Kuraklık dosyasının gazetemizde çıkmaya başladığı 2021’in ilk günlerinde o beklenen yağmurlar da geldi. Günlerce süren yağmurlar sonrası barajlar belli oranda doldu, toprak suya doydu ve herkesin feryat figan ettiği kuraklık bir anda unutuldu!

Oysa gerek dosyamıza görüş veren bilim insanları, gerekse öncesinde yayımlanan birçok bilimsel makale kuraklığın öyle unutulacak bir olgu olmadığını ortaya koyuyordu. Nitekim o yağışlı günlerin ardından beklenen bahar yağmurları bir türlü gelmedi. Mesela 2020 aralık ayında metrekareye 44 mm yağmur düşmüş. Oysa aralık ayının ortalaması 78 mm’ydi. Sonuçta kaçınılmaz olarak mayıs ayının başından itibaren bizler yine kuraklığı konuşmaya, gazete-televizyonlarında kuraklık haberleri dinlemeye, kuruyan kadim nehirlerin çamur, taş - toprak dışında bir damla su kalmamış yataklarının fotoğraflarını iç sıkıntısı ve endişe ile izlemeye başladık.

B. MENDERES KURUDU

Yeryüzüne çıktığı Afyon Dinar’dan 548 kilometre boyunca akan Batı Anadolu’nun en büyük nehri Büyük Menderes Nehri’nin neredeyse tamamen kuruduğunu gösteren fotoğraflar önce yerel gazetelerde, sonra ulusal ölçekli gazetelerde görülmeye başlandı. Aydın İncirliova Ziraat Odası Başkanı Ali Kaykı’nın nehrin kuru yatağında yürürken “Menderes’i ilk kez böyle gördüm. Geçen yıl mayıs ayında 2.5 metre su olan nehirde bugün neredeyse su kalmamış. Bu suya çiftçinin ihtiyacı var” sözleri yaşanan sıkıntıyı ve çaresizliği anlatıyordu. Sadece Aydın bölgesinin değil, Türkiye’nin en verimli tarım arazilerine sahip B. Menderes Havzası’nın da ana sulama kaynağıydı. 3.5 milyon insanın yaşadığı havza ülke tarımsal üretiminin de yüzde 15’ine karşılık gelen pamuk, incir, zeytin, üzüm gibi stratejik ürünlerin yetiştiği bir yer aynı zamanda.

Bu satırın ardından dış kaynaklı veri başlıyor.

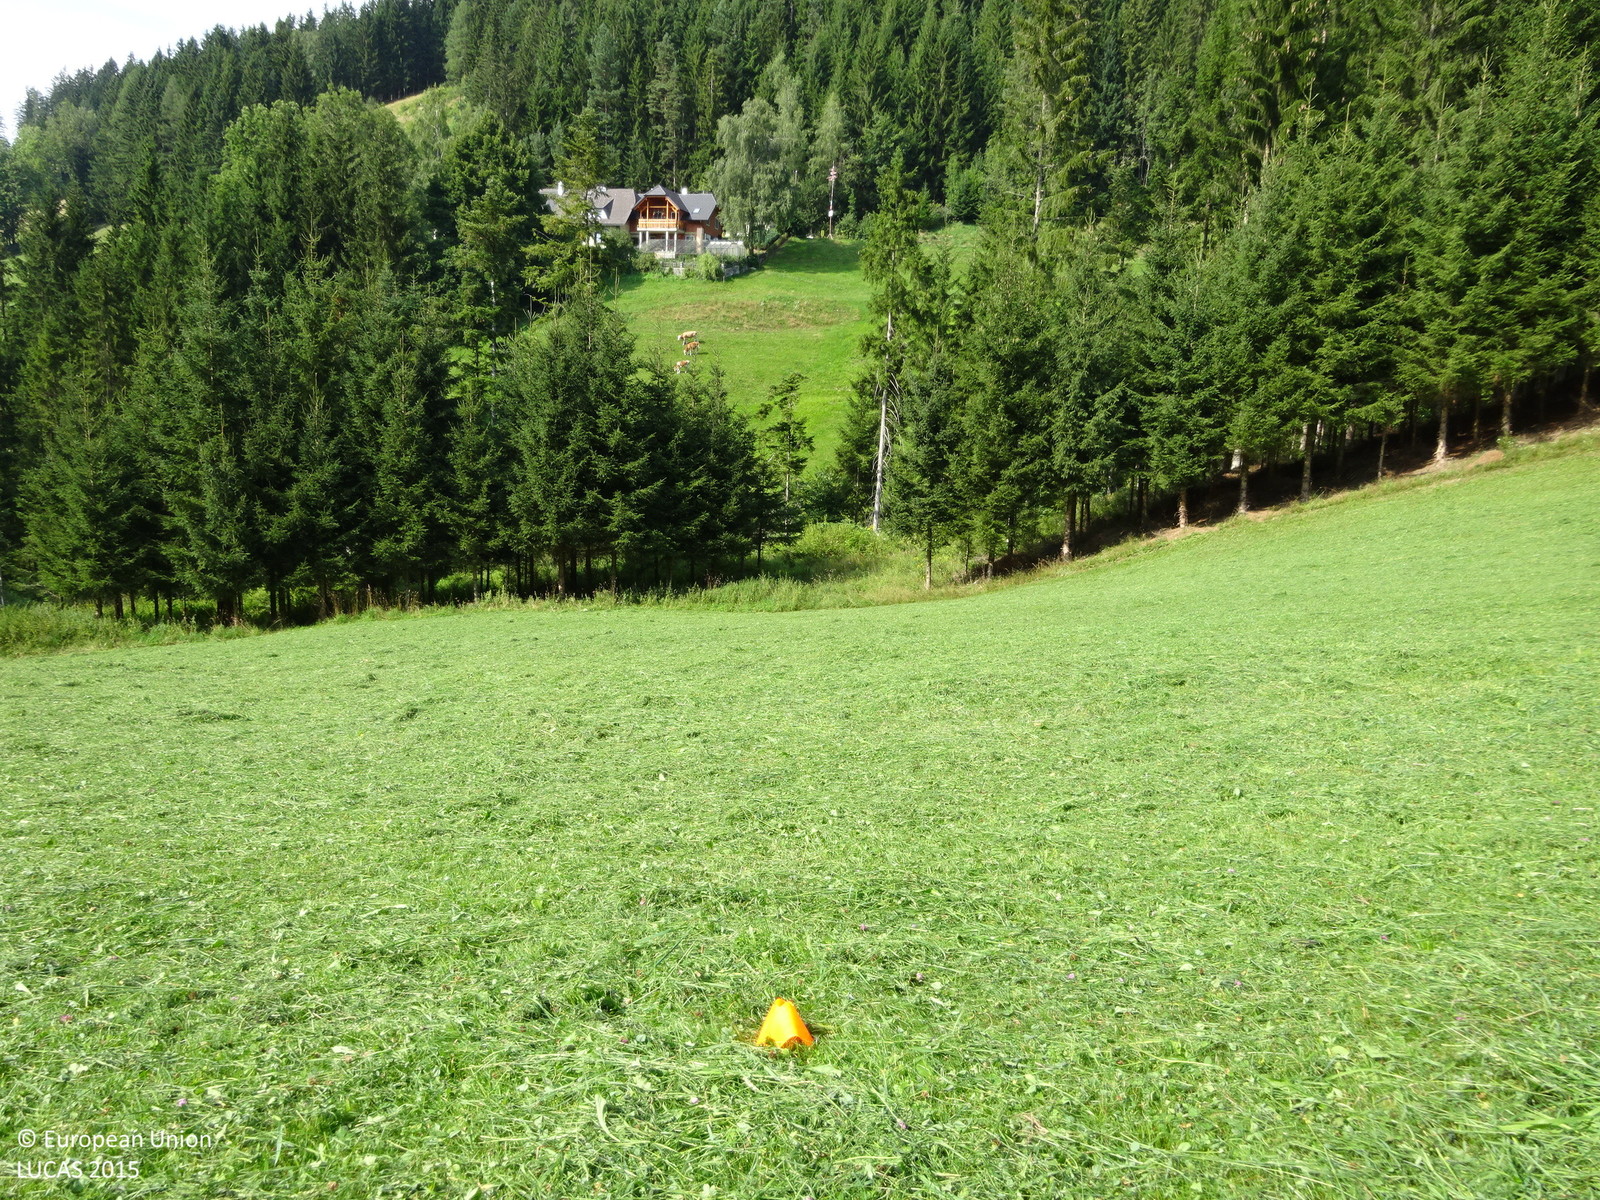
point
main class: Grassland
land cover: Grassland without tree/shrub cover
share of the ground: > 75 %
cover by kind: herbaceous plants 100 %
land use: Agriculture (excluding fallow land and kitchen gardens)
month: August
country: AT
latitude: 47.4438
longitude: 15.7168

Anlayanlar ve anladığının gereğini yapmak isteyenler için (19 yıldır ülkeye günümüzün moda deyimiyle adeta “çöken” siyasi iktidarı bunların dışında tutmak zorundayız) felaketin bağıra çağıra geldiği bütün verilerde ortaya konuyordu aslında. DSİ’nin her yıl yayımlanan verilerine göre B. Menderes Nehri’ndeki su debisi yıllardır azalıyor. 1984 yılında 154 metreküp/s debisi olan nehrin debisi 1990 yılında 90 metreküp/s, 2005 yılında ise 40 metreküp/s’ye geriledi. Otuz yılda neredeyse 1/4’e düşmüş nehrin suyu...

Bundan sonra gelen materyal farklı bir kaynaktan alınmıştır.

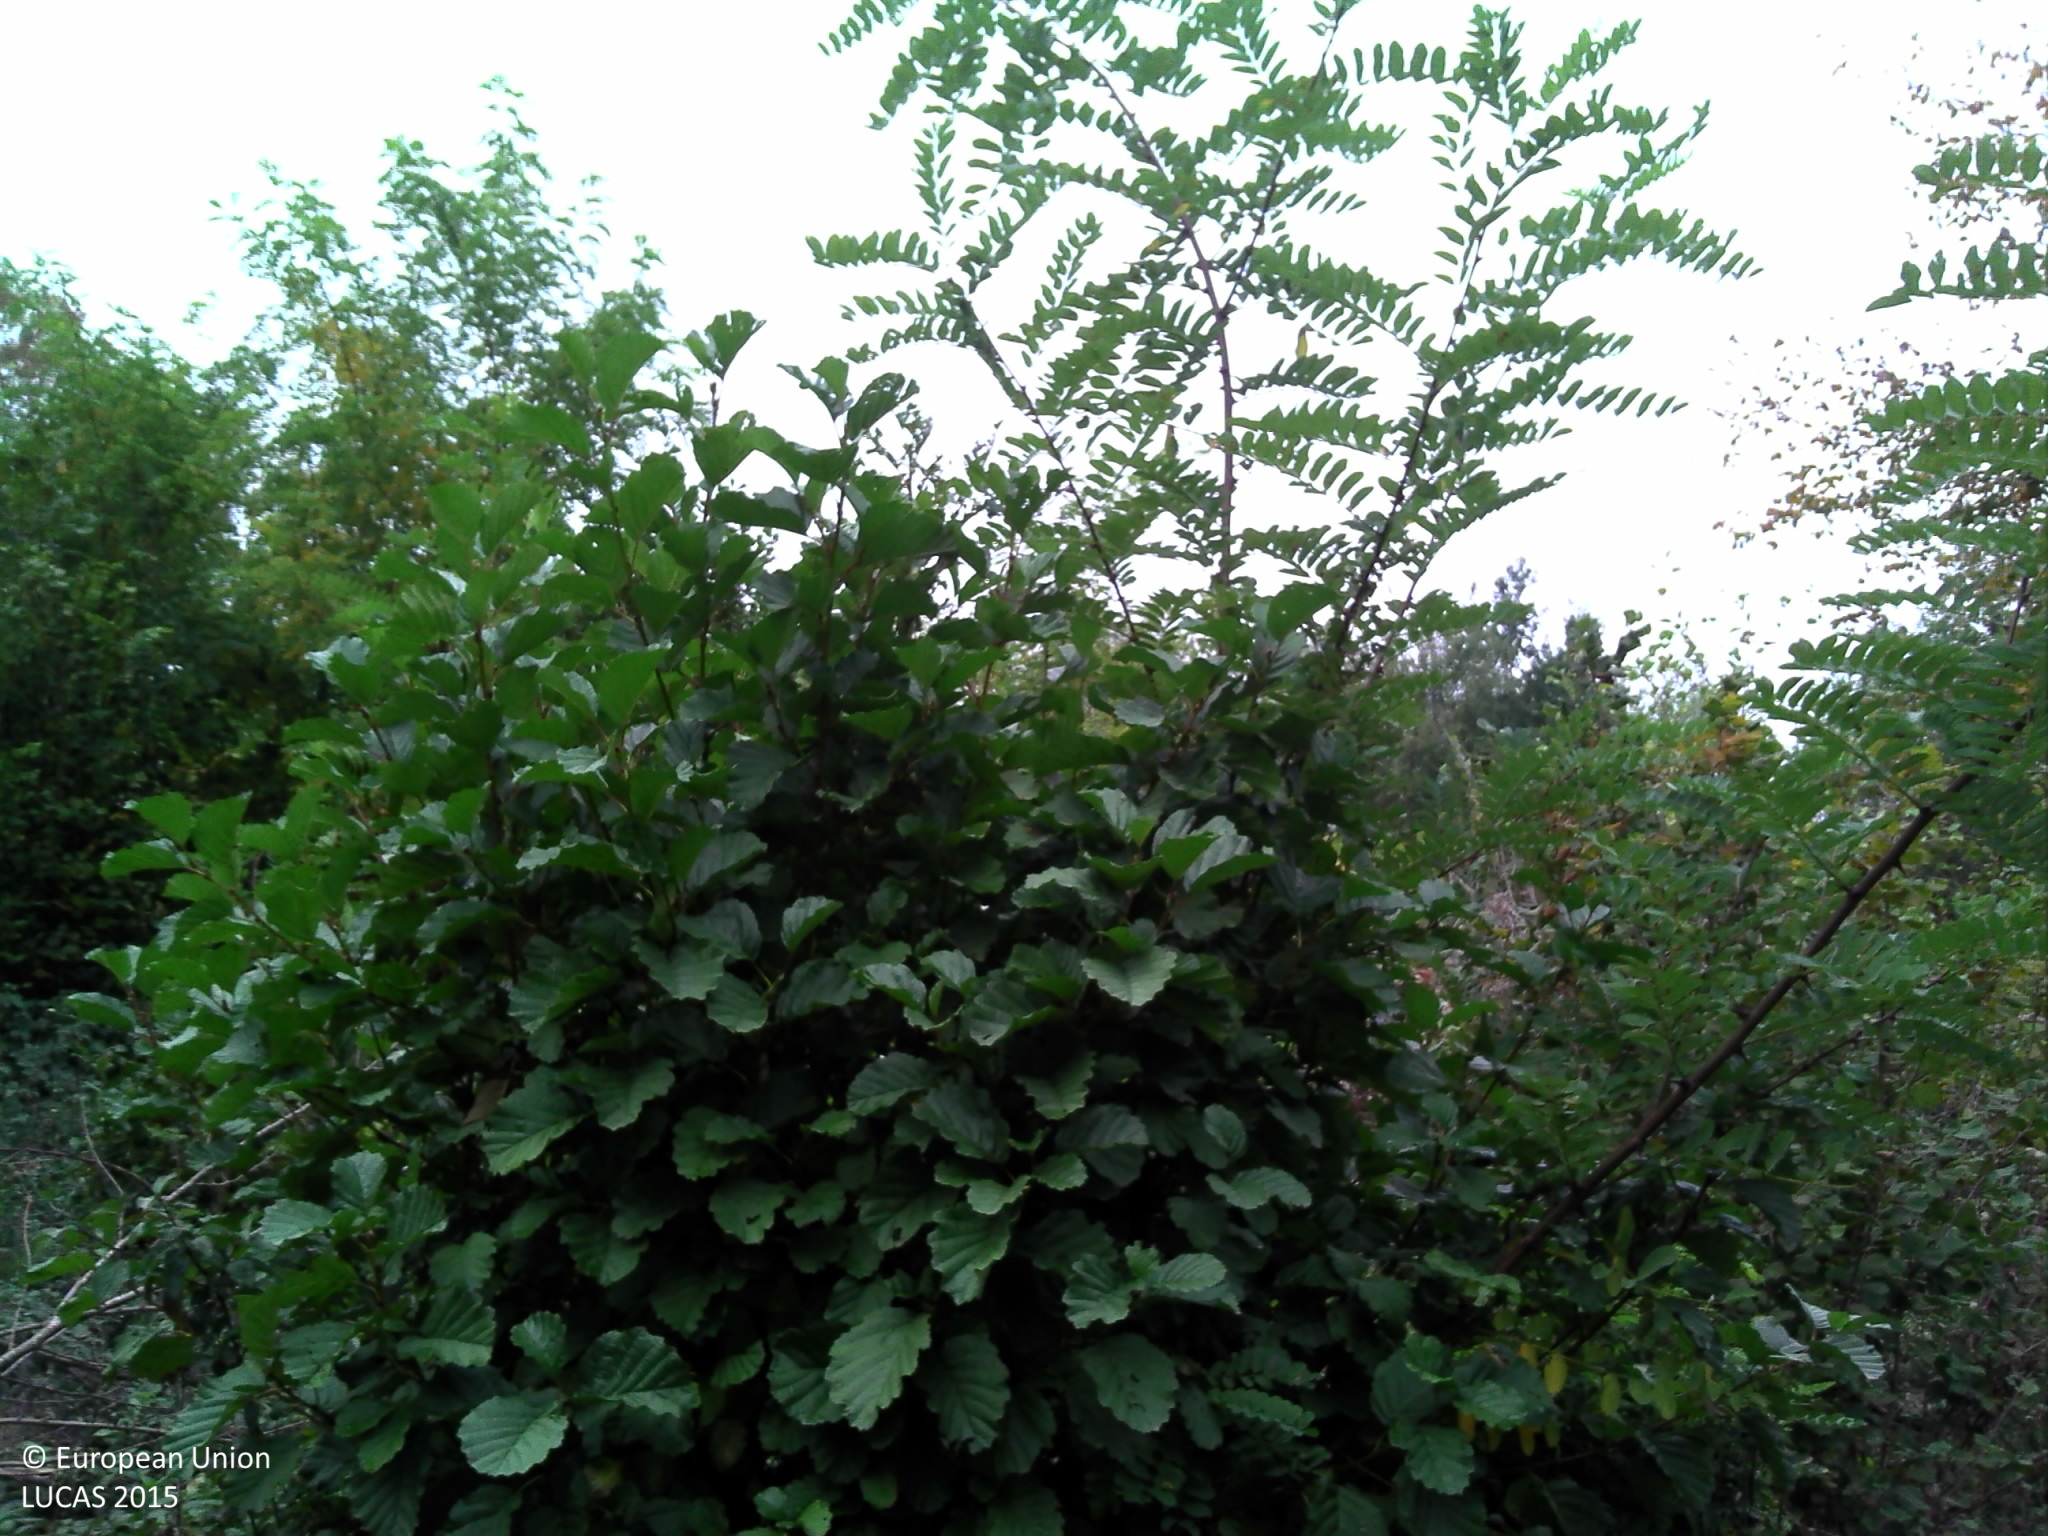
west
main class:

YAYLADAKİ ÇEŞME VE PINARLAR DA KURUDU!

Şurası çok açık ki B. Menderes’de su kalmazsa bu havzada yaşamın sürdürülmesi olanaksız! Kuraklık öncesi sanayi kirliliği nedeniyle can çekişen nehir, iklim krizinin tetiklediği kuraklık olgusu ile o kirli suyu bile taşımıyor bugün. Dün, kirli de olsa B. Menderes’in suları ile tarlaları sulayan çiftçiler, bugün o sulara bile özlemle bakıyorlar.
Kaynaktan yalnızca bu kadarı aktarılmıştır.